6 Bununla birlikte, 15. yüzyılda bazı ülkeler yeni imparatorluklar kuruyordu. Bu yeni imparatorluk yönetimlerinden bazıları eski Roma sömürgelerinin topraklarında kurulduysa da, Roma İmparatorluğunun devamı değillerdi. Portekiz, İspanya, Fransa ve Hollanda, hepsi geniş alanlara yayılmış ülkelere dönüştü. Fakat aralarında en başarılı olanı ‘güneşin hiç batmadığı’ büyük bir imparatorluğu yöneten Britanya oldu. Bu imparatorluk farklı zamanlarda Kuzey Amerika, Afrika, Hindistan, Güneydoğu Asya ve Güney Pasifik okyanusunun büyük bir kısmına kadar yayılmıştır.

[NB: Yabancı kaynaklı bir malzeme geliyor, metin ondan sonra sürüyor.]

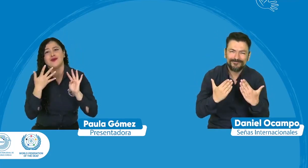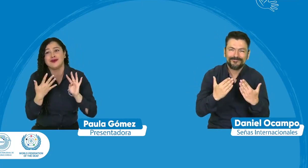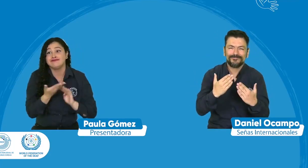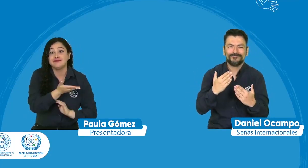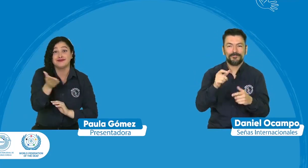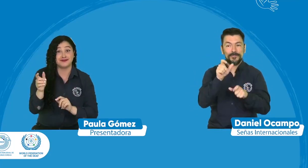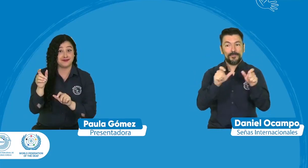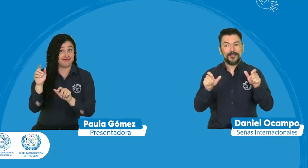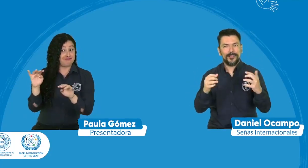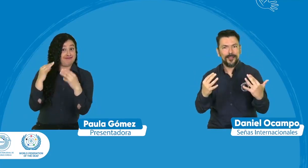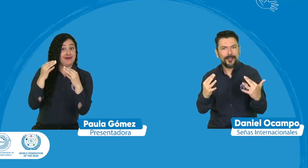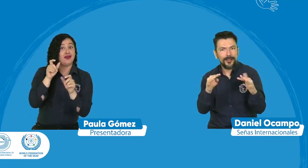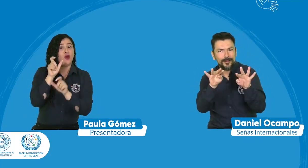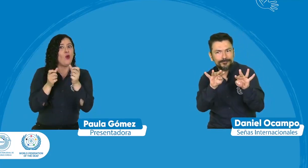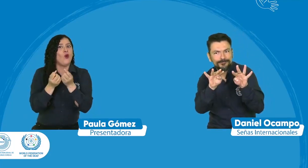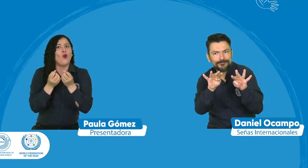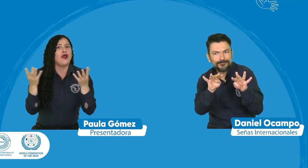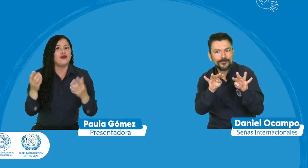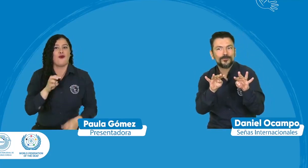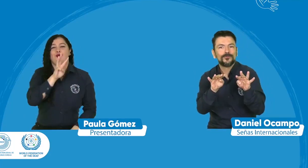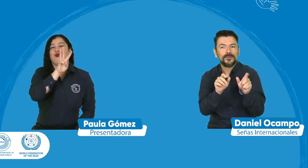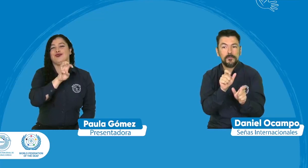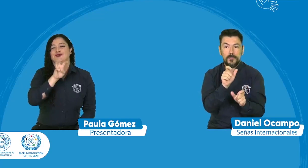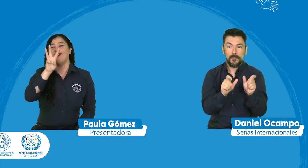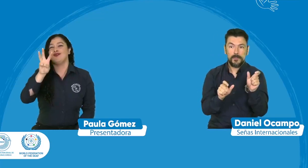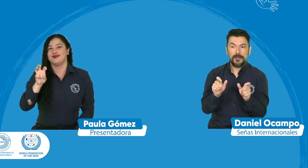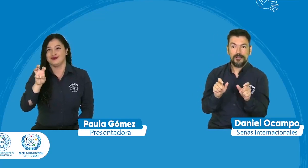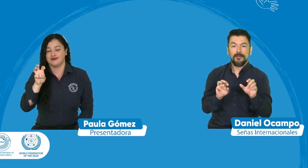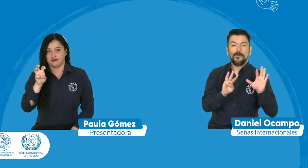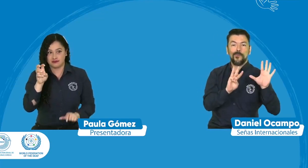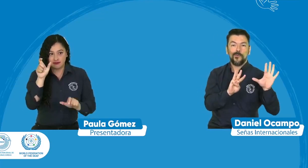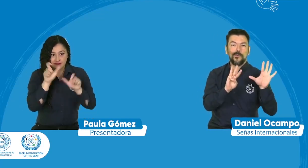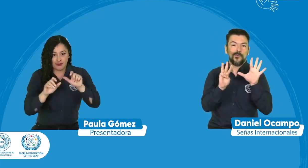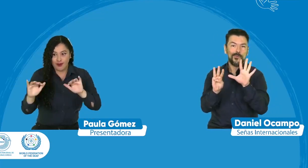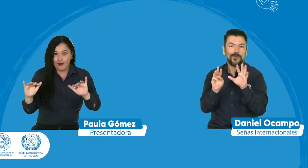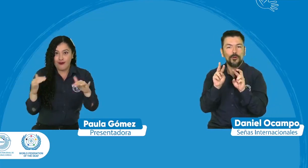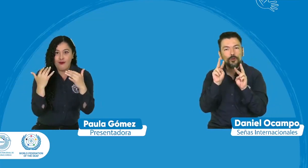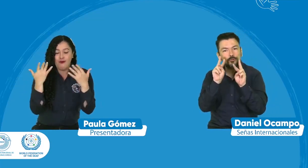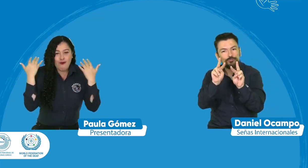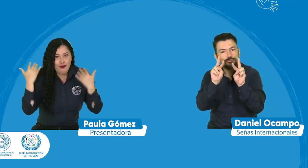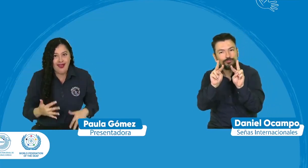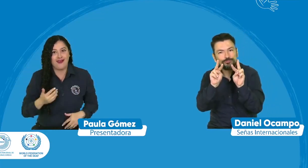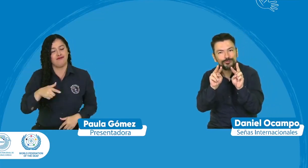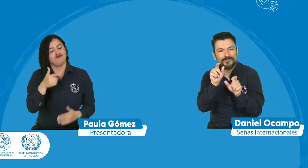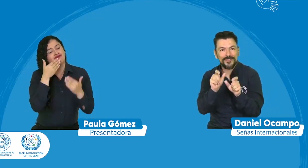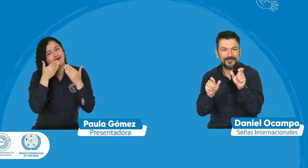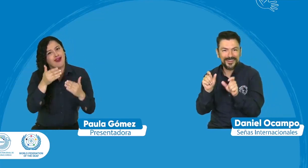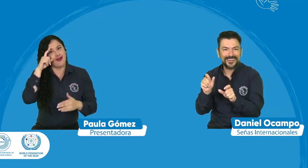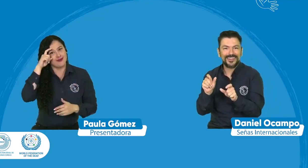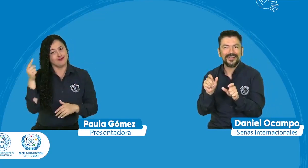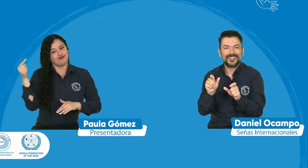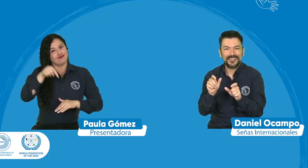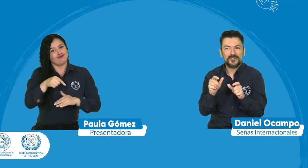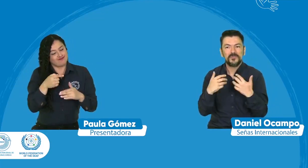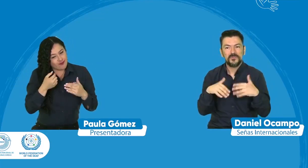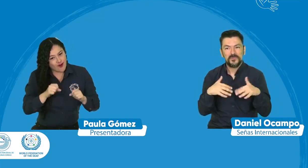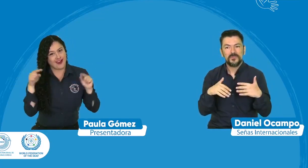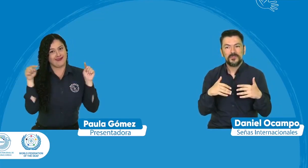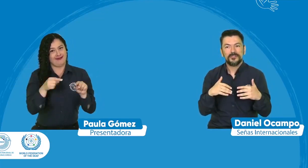nosotros estuvimos muy pendientes de lo que se está viendo vemos 88 personas conectadas y
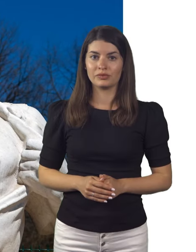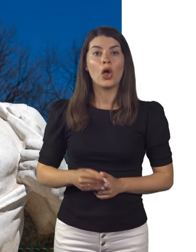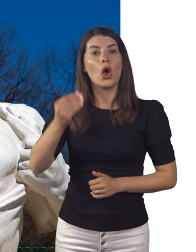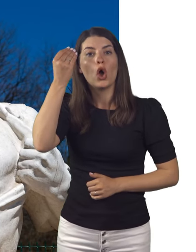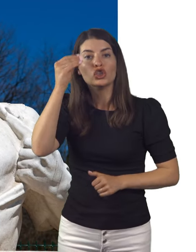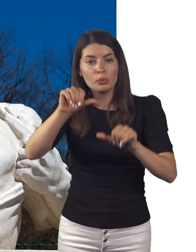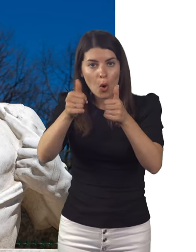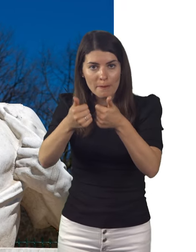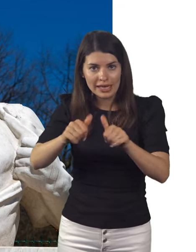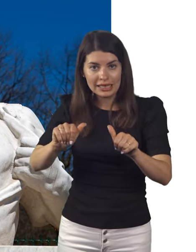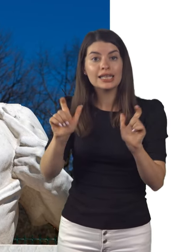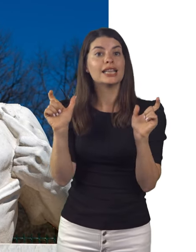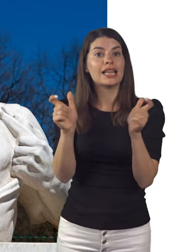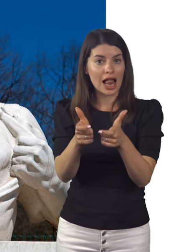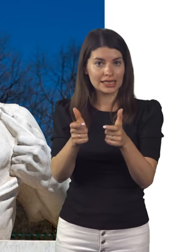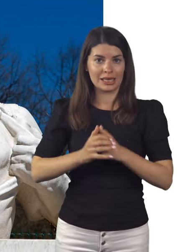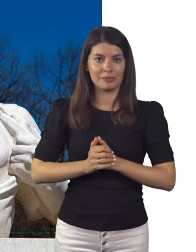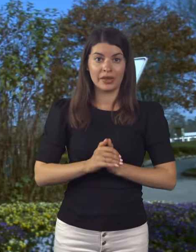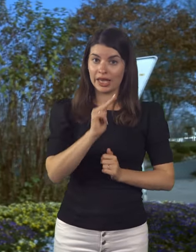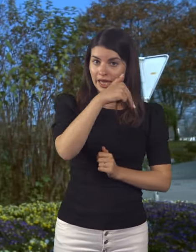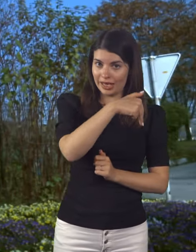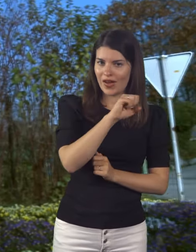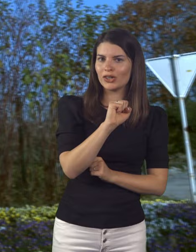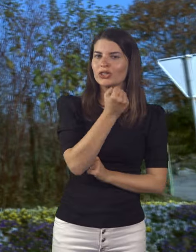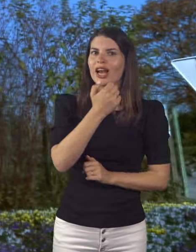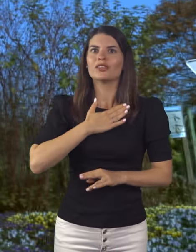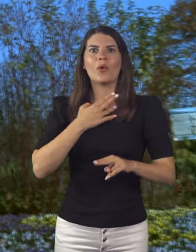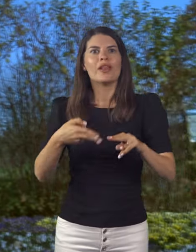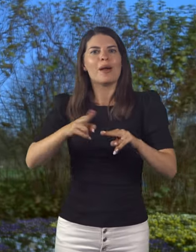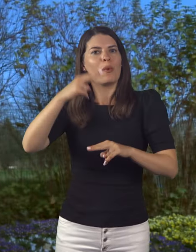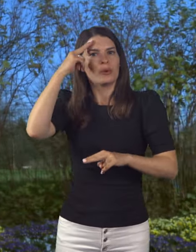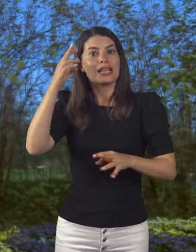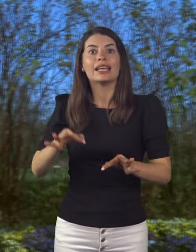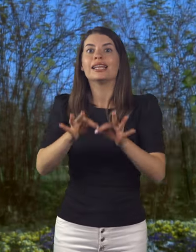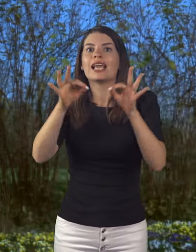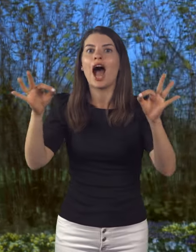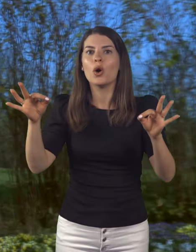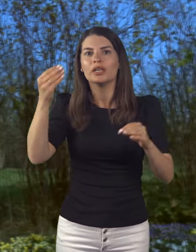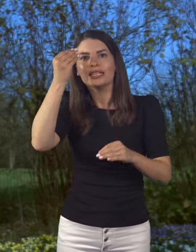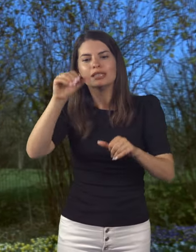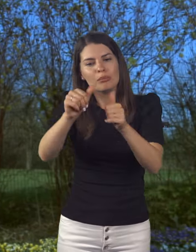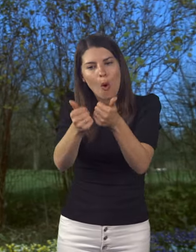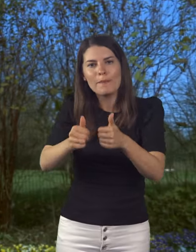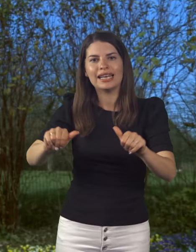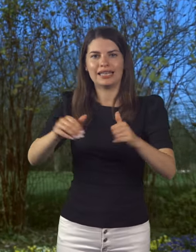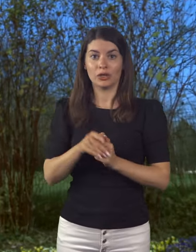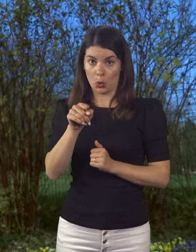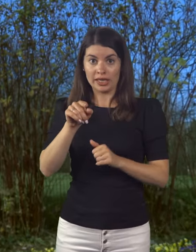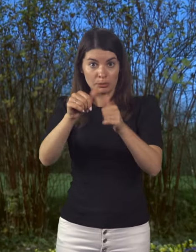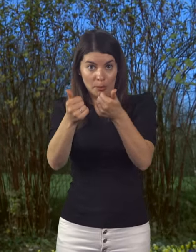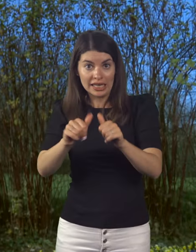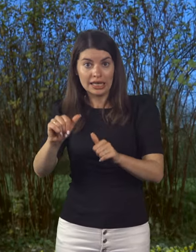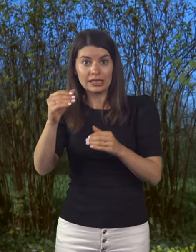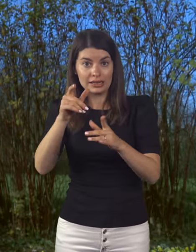Spomenik Talcem Ivan Štrekel je svoj najbolj znani javni spomenik, Spomenik Talcem,

7. Bir tür ikili dünya kudreti nasıl var oldu ve Yuhanna yedinci ‘başın’ ya da dünya kudretinin ne kadar süreceğini söylemişti?
7 Britanya’dan ayrılmış olan Kuzey Amerika’daki sömürgelerden bazıları 19. yüzyıl başlarken bağımsız Amerika Birleşik Devletlerini oluşturdu. Yeni ulus ile eski anavatanı arasındaki bazı siyasi anlaşmazlıklar sürdü. Bununla birlikte, birinci dünya savaşı her iki ülkeyi de ortak çıkarlarını dikkate almaya zorladı ve aralarında özel bir ilişkinin gelişmesine yol açtı. Böylece, artık dünyanın en zengin ülkesi olan Amerika Birleşik Devletleri ile dünyanın en geniş imparatorluğunun merkezi olan Büyük Britanya’dan oluşan bir tür ikili dünya kudreti var olmuştu. İşte, sonun vaktine kadar gelen ve Yehova’nın çağdaş şahitlerinin ilk ortaya çıktığı bölgelerde hüküm süren yedinci “baş” ya da dünya kudreti buydu. Altıncı başın uzun ömürlü hükümdarlığıyla karşılaştırıldığında, yedinci başın Tanrı’nın Gökteki Krallığı bütün ulusal yapıları yok edinceye kadar, yalnızca “biraz vakit” kalacağı söylenebilirdi.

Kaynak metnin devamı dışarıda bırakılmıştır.